[Provided entries]:
┌────────

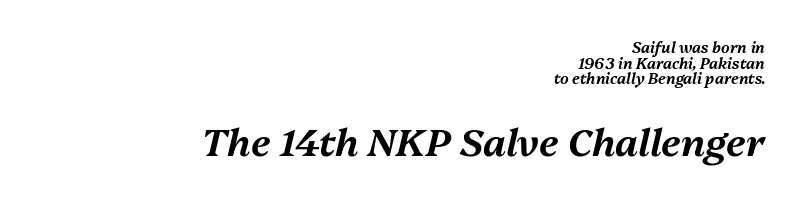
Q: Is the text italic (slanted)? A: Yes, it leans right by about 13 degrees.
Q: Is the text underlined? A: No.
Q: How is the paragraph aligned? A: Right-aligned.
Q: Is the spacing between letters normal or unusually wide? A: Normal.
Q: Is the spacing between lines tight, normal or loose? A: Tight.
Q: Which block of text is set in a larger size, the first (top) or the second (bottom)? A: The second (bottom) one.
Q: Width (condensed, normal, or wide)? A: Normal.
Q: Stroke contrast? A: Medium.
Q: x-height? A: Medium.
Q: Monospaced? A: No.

└────────
┌────────

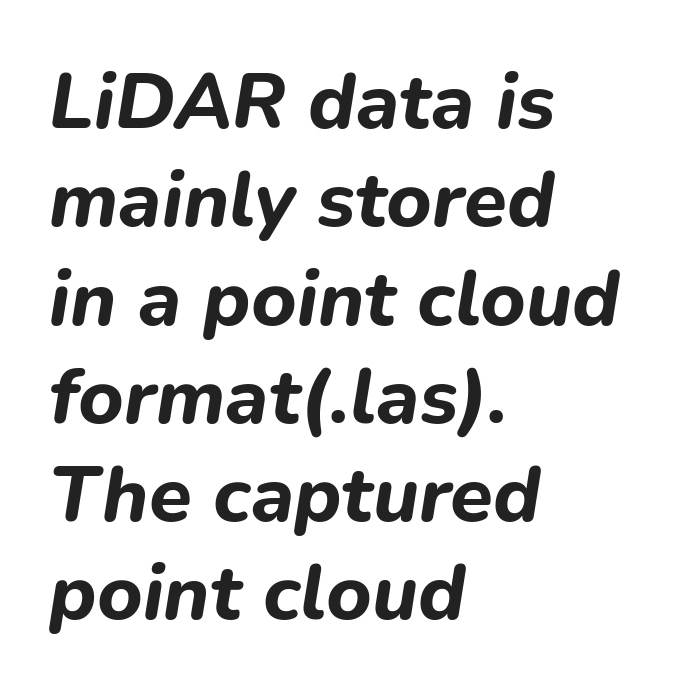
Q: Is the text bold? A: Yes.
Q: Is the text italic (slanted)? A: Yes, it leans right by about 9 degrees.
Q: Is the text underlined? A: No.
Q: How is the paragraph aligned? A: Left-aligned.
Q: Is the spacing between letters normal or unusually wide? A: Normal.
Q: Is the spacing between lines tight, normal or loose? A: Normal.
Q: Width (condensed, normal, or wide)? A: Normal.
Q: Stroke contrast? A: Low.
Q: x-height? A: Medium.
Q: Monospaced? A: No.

└────────
┌────────

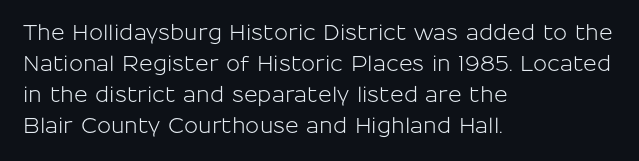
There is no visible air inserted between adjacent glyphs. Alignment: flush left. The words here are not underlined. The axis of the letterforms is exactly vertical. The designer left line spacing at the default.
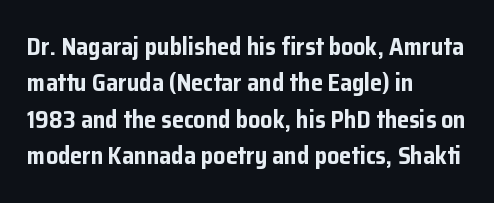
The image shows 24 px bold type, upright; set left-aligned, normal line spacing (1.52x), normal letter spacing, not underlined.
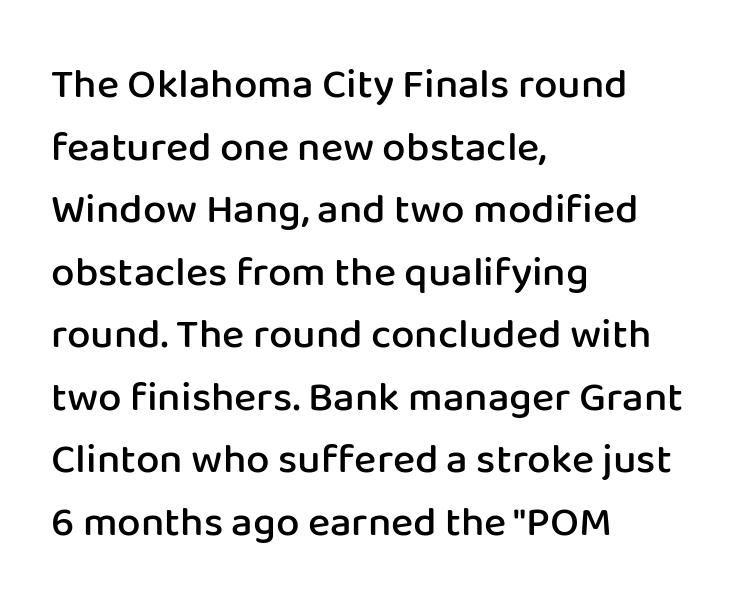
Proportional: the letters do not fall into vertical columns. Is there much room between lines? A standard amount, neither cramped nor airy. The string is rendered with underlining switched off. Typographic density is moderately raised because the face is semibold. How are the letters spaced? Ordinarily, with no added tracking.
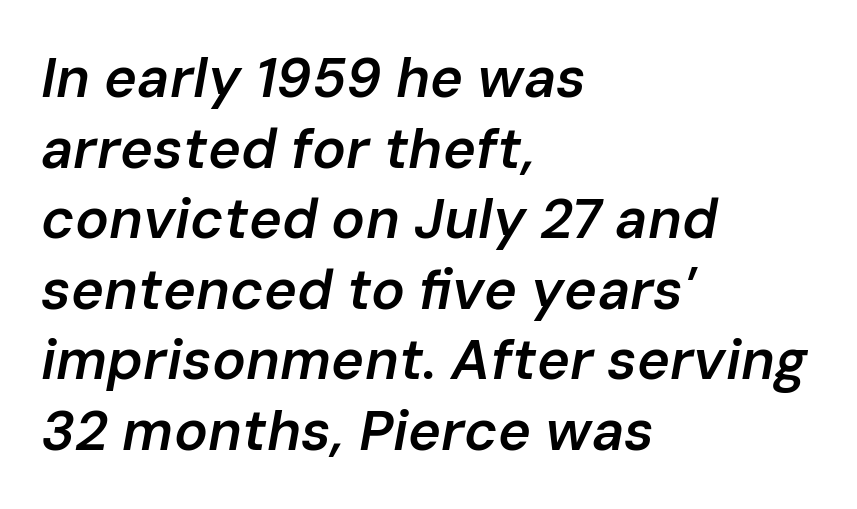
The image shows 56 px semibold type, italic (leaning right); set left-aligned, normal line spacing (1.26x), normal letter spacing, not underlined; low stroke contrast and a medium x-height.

└────────

[Exercise prompt]: Filter the data, keeping only the lines that contain "semibold".

[Exercise result]:
Proportional: the letters do not fall into vertical columns. Is there much room between lines? A standard amount, neither cramped nor airy. The string is rendered with underlining switched off. Typographic density is moderately raised because the face is semibold. How are the letters spaced? Ordinarily, with no added tracking.
The image shows 56 px semibold type, italic (leaning right); set left-aligned, normal line spacing (1.26x), normal letter spacing, not underlined; low stroke contrast and a medium x-height.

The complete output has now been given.